Technology has hit the job-seeking process. In many companies, before a resume ever lands on your desk — or more likely in your inbox — it often goes through a scanning process. The purpose of the scan is to search the resume for specific keywords that are relevant to your job opening. Once that’s done, you have (hopefully) a set of keyword-optimized resumes in front of you that come closer to meeting your criteria. If things have worked well, you have fewer irrelevant resumes to deal with.
Now that these resumes are in front of you, what’s next? Here are some things you should continue to look for, even if you’re using the latest in ATS (applicant tracking system) software.
As a business owner or hiring manager within industries like IT, healthcare, nonprofit and government, you need to look for very specific skills and experience that other industries just don’t require.
Understanding keyword-optimized resumes and how to approach them not only helps you through the hiring process, but also makes your job easier.
And, while ATS software certainly helps, you need to know how to break down the keyword-optimized resumes once they get to you.
Are keyword-optimized resumes stuffing for stuffing’s sake?

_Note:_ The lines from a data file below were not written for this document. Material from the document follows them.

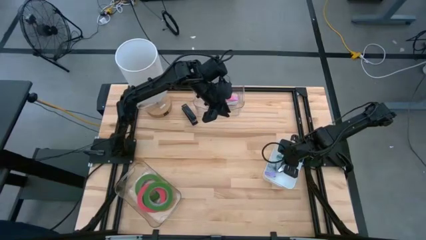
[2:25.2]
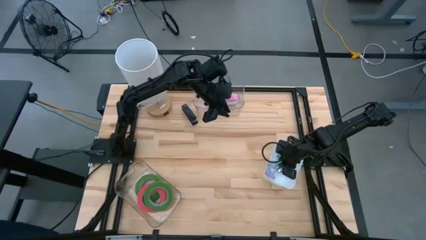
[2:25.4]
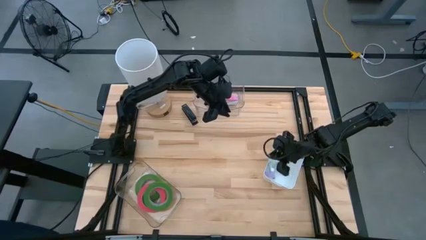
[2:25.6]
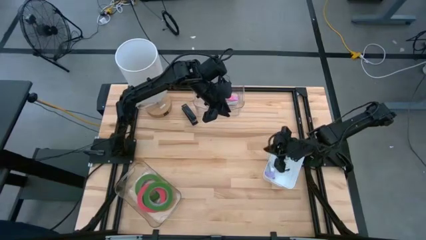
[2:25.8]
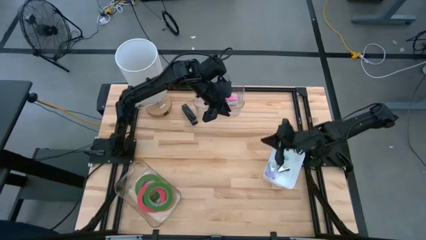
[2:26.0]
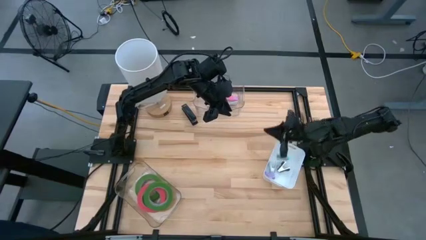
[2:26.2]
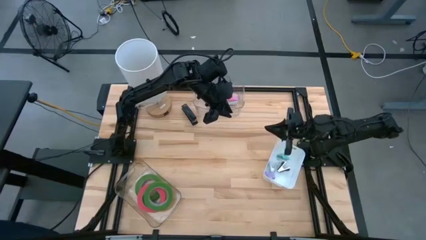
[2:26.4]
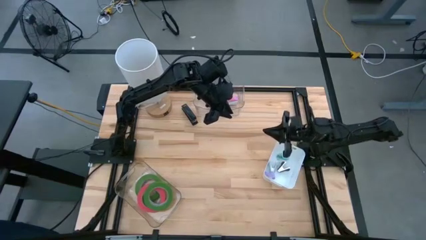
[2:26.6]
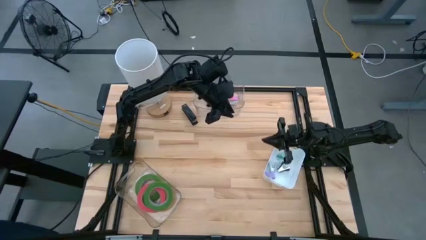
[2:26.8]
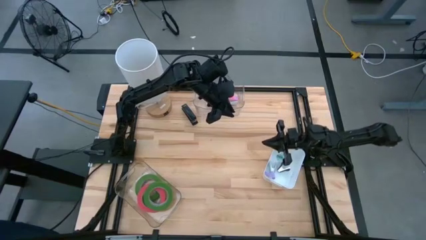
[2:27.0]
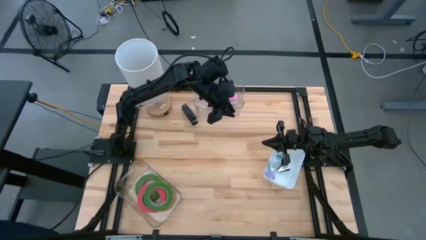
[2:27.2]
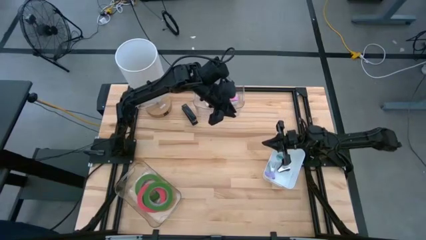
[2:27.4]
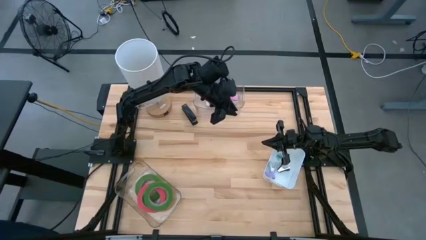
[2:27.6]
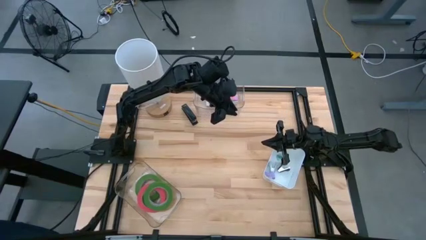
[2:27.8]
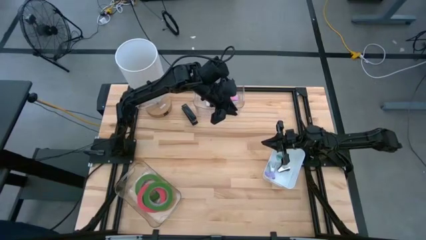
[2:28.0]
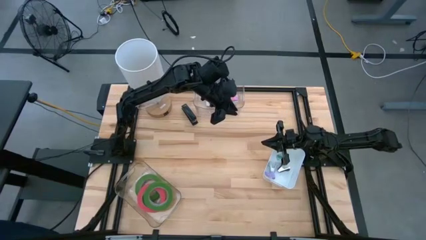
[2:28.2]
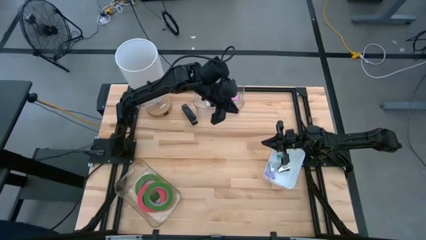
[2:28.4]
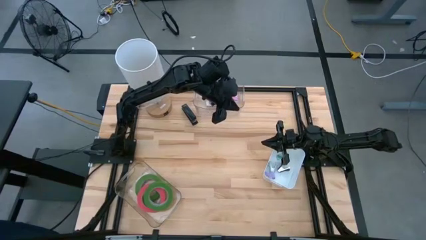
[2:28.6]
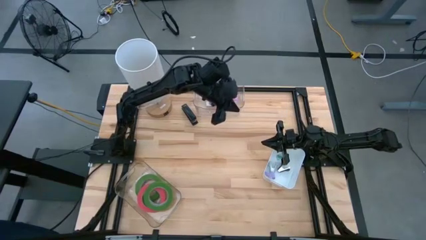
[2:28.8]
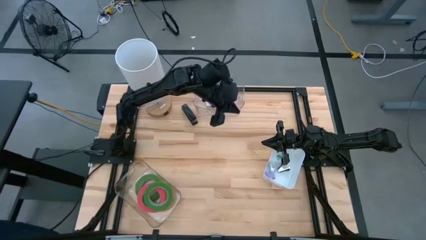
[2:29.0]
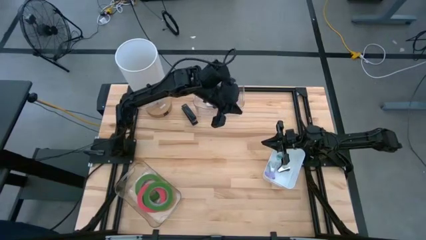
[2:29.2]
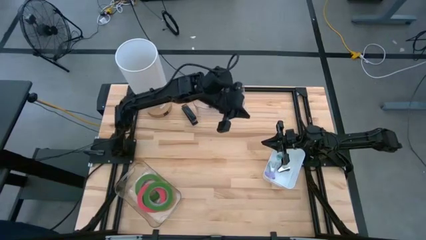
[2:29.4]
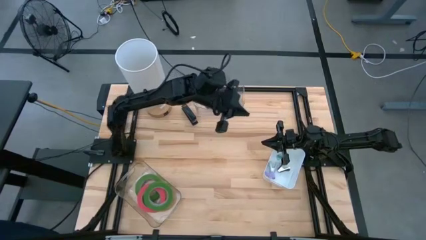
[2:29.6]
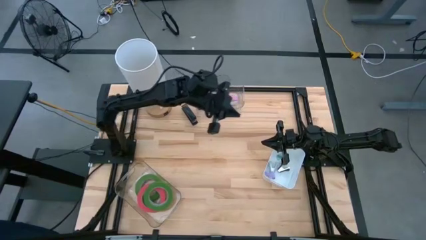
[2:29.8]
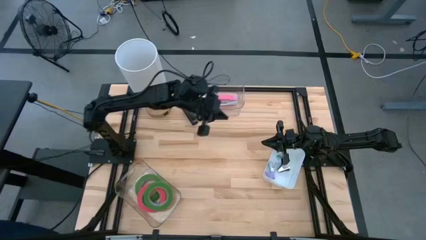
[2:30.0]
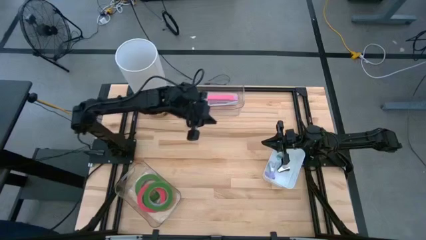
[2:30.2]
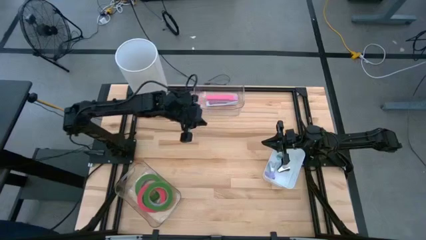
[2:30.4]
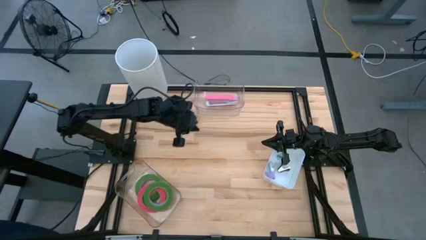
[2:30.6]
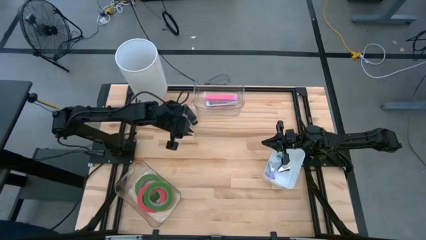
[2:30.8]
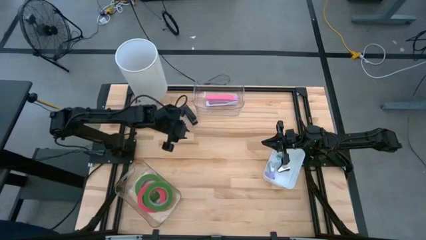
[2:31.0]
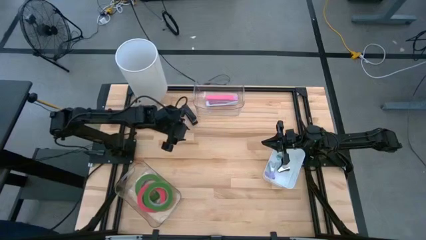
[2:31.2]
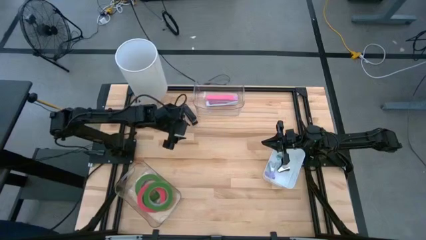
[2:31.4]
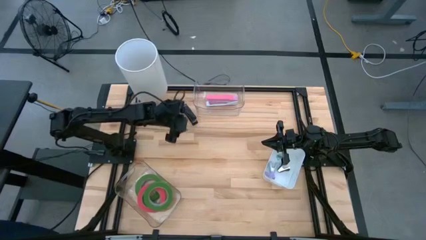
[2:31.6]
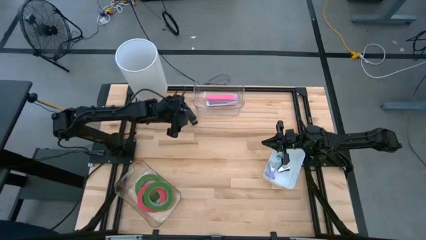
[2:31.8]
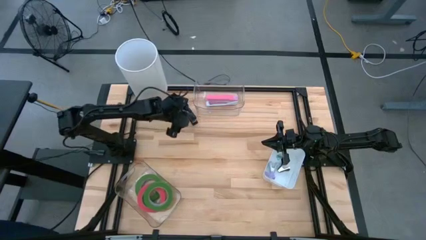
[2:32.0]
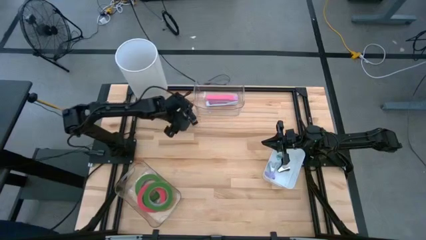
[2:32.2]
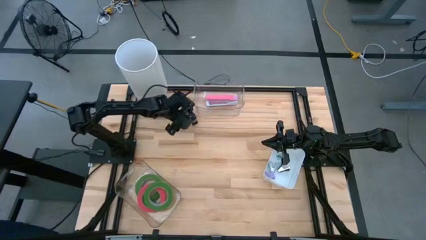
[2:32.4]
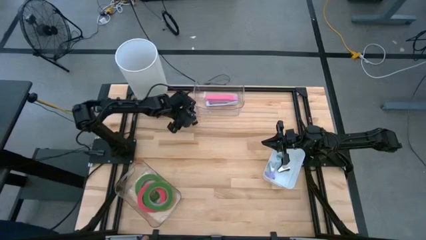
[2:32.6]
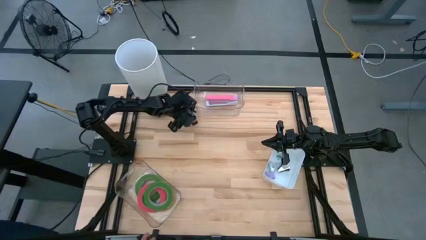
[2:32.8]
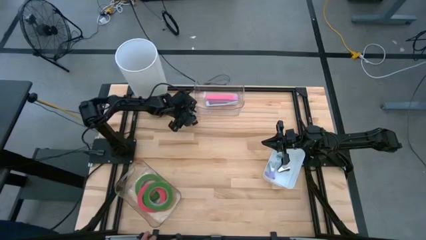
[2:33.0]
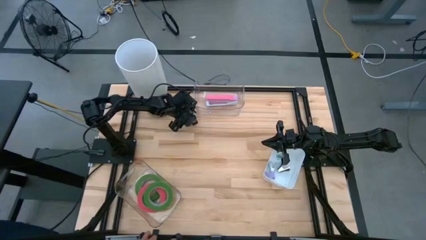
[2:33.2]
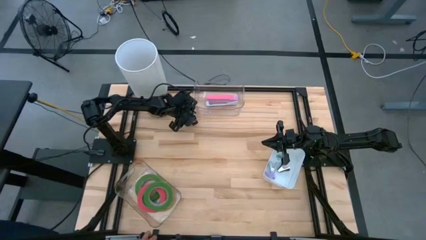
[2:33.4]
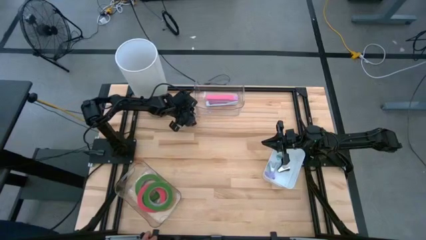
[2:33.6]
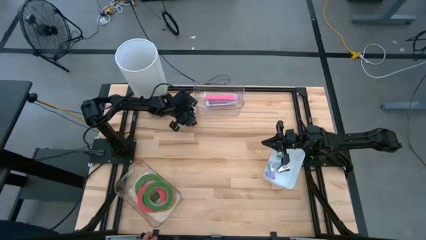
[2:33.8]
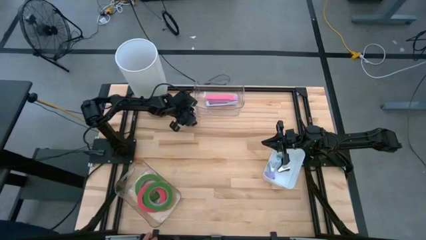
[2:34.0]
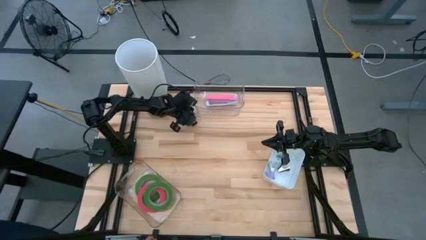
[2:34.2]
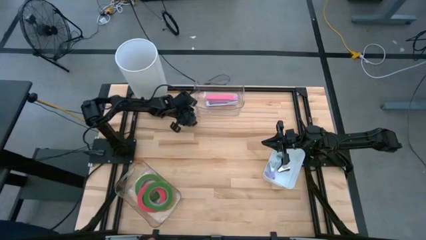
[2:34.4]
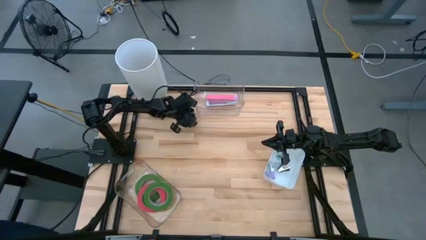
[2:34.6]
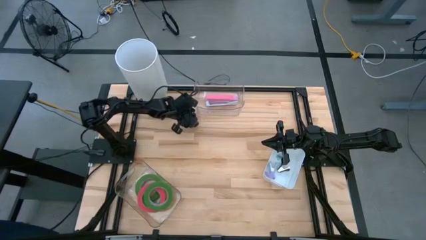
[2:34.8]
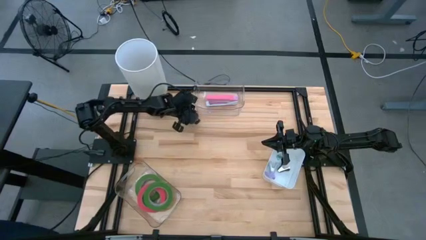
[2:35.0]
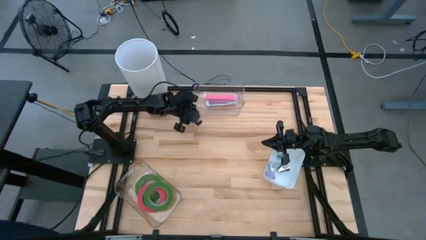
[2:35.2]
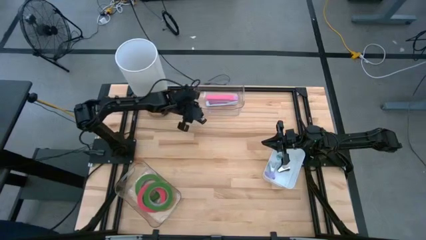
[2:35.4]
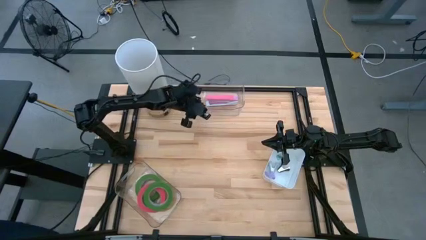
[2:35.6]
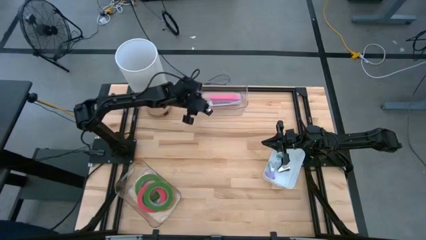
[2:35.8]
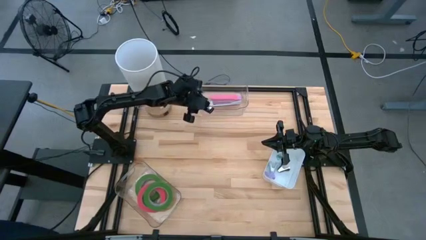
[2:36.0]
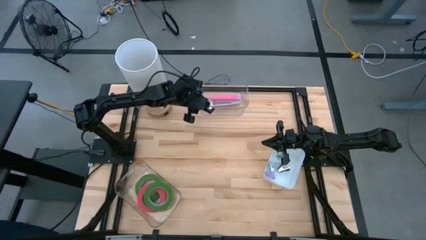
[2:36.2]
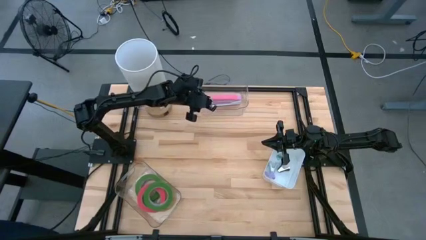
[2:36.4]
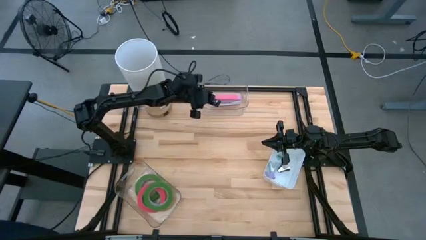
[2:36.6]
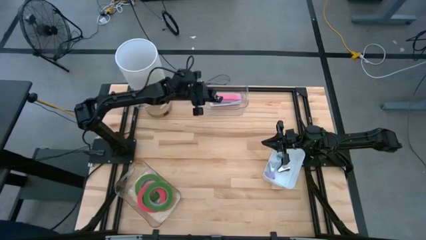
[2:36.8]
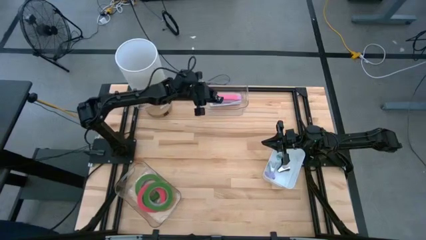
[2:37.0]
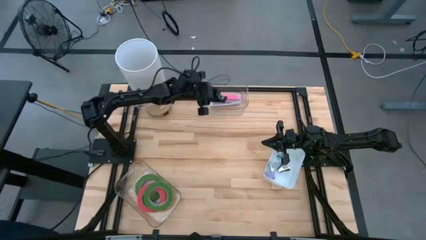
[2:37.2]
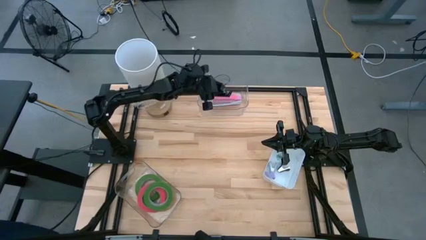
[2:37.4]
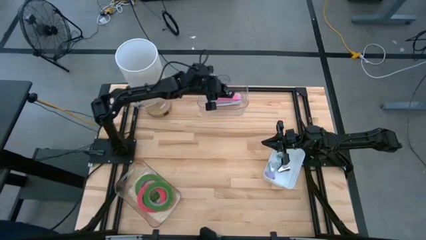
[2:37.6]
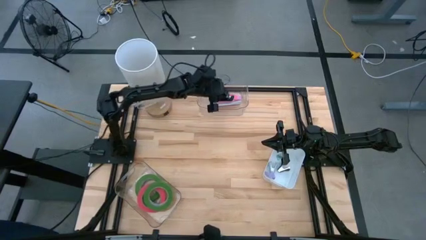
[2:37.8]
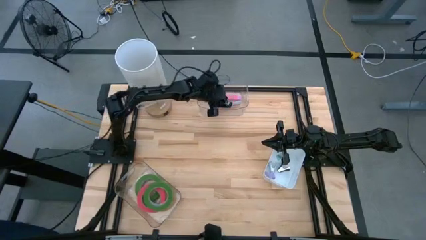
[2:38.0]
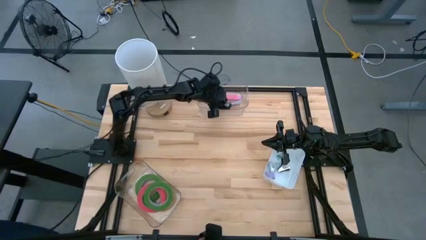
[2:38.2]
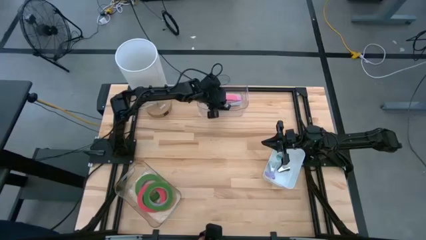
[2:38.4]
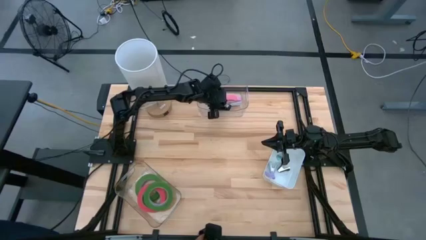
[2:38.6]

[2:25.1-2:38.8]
Task: Pick and place Stapler, Stapler remover, tape
Put the black stapler into the top transparent bin

Joann Connor, executive director of human resources at Flash Essay, says, “Resume scanning software was once a bit of an HR secret. Now, most job seekers know about it. Those who want to get an interview, but might not meet all the qualifications, will find ways to stuff keywords into their resumes and CV just to get past this initial check. Your job is to ensure that the keywords they use are actually relevant to their education and experience.”
If you notice that resumes are getting through the scanning process even when they don’t have any relevant keywords, it might not be faulty scanning software.
There’s a little “trick” that some job seekers employ. They will add keywords to the top or bottom of their resumes. Then, they will obscure them by changing the font for that text to match the background color of their resume. You don’t see the keywords, but the scanning software might. If this is happening with any frequency, check your ATS software provider. Any good package should have features that prevent this from happening.
Check the work experience section for keyword relevance
Now that you’ve identified and eliminated the less qualified candidates, it’s time to take a look at the keyword-optimized resumes that have made the cut. The keywords are there. Now, are they relevant?
Read each job entry carefully.
Do the keywords fit in naturally with the position the person had, or do they seem forced?
Another red flag is when the keyword just doesn’t match the job title or years of experience. Of course, you need to tread carefully here.
Some companies are stingy with job titles, and people who have a significant amount of experience and management responsibilities might not have a matching job title. A coordinator at one company might be an assistant at another.
Still, keep a healthy sense of skepticism if you see keywords like “executive,” “manager” or “director” when the years of experience or the expected duties of the position just don’t match.
Match the job experience to the skills you need
As you go through the work experience section of each resume, consider the skills the applicant has — not just the keywords they have included. Derek Edwards, a CHRO at EssaySupply, says, “When it comes to work experience, words can be a bit slippery. Someone who isn’t a native English speaker might use different words to describe their experience, for example. Another might use jargon that is specific to the company they worked for.”
If your job opening requires a certain skill, be sure to keep an open mind.
The last thing you want to do is eliminate a qualified candidate from consideration, just because they articulated their experience in a way that didn’t match your expectations.
Accomplishments vs. keywords
Finally, think beyond keywords and focus on accomplishments. Trust that your ATS software did its job scanning the resume. Now, do yours.
Dump the hyperfocus on keywords. What has the applicant actually accomplished?
Has she successfully completed major projects that are relevant to your needs? Is there evidence that he knows the people you need him to know, and that he can and has executed the duties you need with great results?
The problem with technology is that it often makes us believe that we are relieved of the obligation of thought and consideration.
That’s not the case. Betty Rogers, a career specialist at Resumes Centre speaks candidly of this: “As wonderful as this technology is, there is a downside. Hiring managers risk cheating themselves out of some great candidates if they rely on ATS software too strongly.”
Moving into the interview stage
If you’re on the fence about a candidate and their chosen keywords, the best place to resolve these issues is in an interview.
Yes, interviews take time and resources, but it can be more than worthwhile if you land a quality candidate whom you would have otherwise forgotten.
Consider setting aside a couple of hours one afternoon to conduct a set of brief phone-screening interviews. You won’t need to spend more than 10 minutes with each candidate. If there are a few candidates who are “on the bubble,” a brief conversation might be all you need to move them forward or eliminate them from consideration.
Beyond keyword-optimized resumes
Keyword optimization should be only one factor in your evaluation of a resume. It has value, but there is danger in relying on it too much. Let the ATS software determine who should get past the digital screening process. Then, follow that up with your own validation processes to ensure that keywords haven’t been misused. Job seekers will (and should) create keyword-optimized resumes to their advantage.
Your job is to determine whether or not that optimization is genuine and natural.
At the end of the day, your humanity is most important. You are best qualified to determine whether or not someone is a good fit for your position and your organization. That requires your willingness to look beyond keywords, and genuinely parse out the applicant’s skills and experience.